The useful conversation that might be possible if our knees stopped jerking and a columnist like Kristof stopped playing to the peanut gallery centers on a point I’ve already raised: what permits an academic to perform a public role in a distinctive way? Kristof sees academics as “smart” people who can contribute their intelligence and insight to public discussions. But the problem is that the American public sphere has become a difficult place for some people to speak and be heard. Beyond the obvious issues with making a contribution to public conversations via digital media that are rife with bullying and often toxic levels of sexism and racism, there is an equally pressing problem with the capture of expertise by lobbyists and closed political institutions. Kristof ought to be familiar with that issue, considering the company he keeps at the Times op-ed page, but the very way he makes his call suggests how unconcerned he is about it. Who exactly wants “smart” academic input? And what kind? Does Kristof want to hear from anthropologists or historians about the issues he wants to confront? Judging from past behavior, no. Do policy-makers really want to hear from any expert whose thinking might disrupt or confound coming to solutions that are already inevitably going to be come to? What kinds of public and political action are actually open to the unexpected input of already-existing academic expertise, and might actually be transformed were it made available? The answer, I fear, is “not much, not many, not really”. Maybe the issue is with the “we” that thinks they need professors, not with the professors. Kristof might ask–using himself as a test–what exactly is dependent upon this input that he thinks is lacking. If what he means by accessibility is “I want professors who agree with what I already think, and I want them to say so clearly”, that’s very different than saying, “There’s something I don’t understand, something I can’t do, something beyond my knowledge”. The former is just hunting for a few more bits of costume jewelry to burnish the finery of the powerful.
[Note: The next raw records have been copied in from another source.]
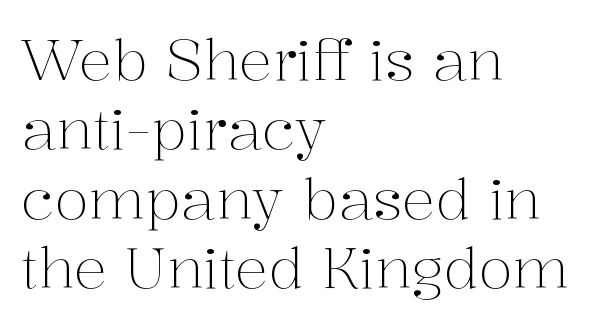
The image shows 56 px light serif type, upright; set left-aligned, line spacing 1.24x, normal letter spacing, not underlined; medium stroke contrast and a medium x-height.
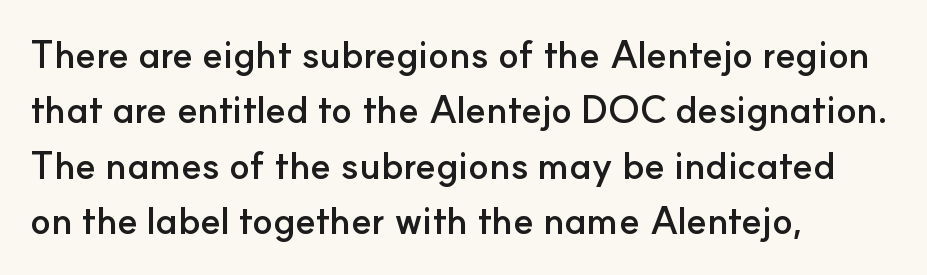
Q: Is the text bold? A: Yes.
Q: Is the text italic (slanted)? A: No, it is upright.
Q: Is the typeface a serif or a sans-serif typeface? A: Sans-serif.
Q: Is the text underlined? A: No.
Q: How is the paragraph aligned? A: Left-aligned.
Q: Is the spacing between letters normal or unusually wide? A: Normal.
Q: Is the spacing between lines tight, normal or loose? A: Normal.
Q: Width (condensed, normal, or wide)? A: Normal.
Q: Stroke contrast? A: Low.
Q: x-height? A: Small.
Q: Monospaced? A: No.

The latter would be a welcome invitation, but given that it starts with humility, don’t hold your breath.
This might bring us around to a real issue that’s worth taking seriously, past all the dramatics of the academic response to Kristof. If we react strongly, it isn’t just because he’s insulting. It is also because, without really intending to, he is genuinely raising a difficult problem. We already know that in an open-source, open-access, digital media, crowdsourcing world, op-ed columnists in print media are dispensible. The issue that troubles all academics, however they write, wherever they teach, is whether the same is true of expertise in general. We haven’t yet been able to imagine what the new circumstances governing the circulation of expertise might ultimately be. We aren’t going to get a good conversation going about that from Kristof’s prompt, but the time is coming soon where we had better do so or risk sounding just as out of touch with the reality around us.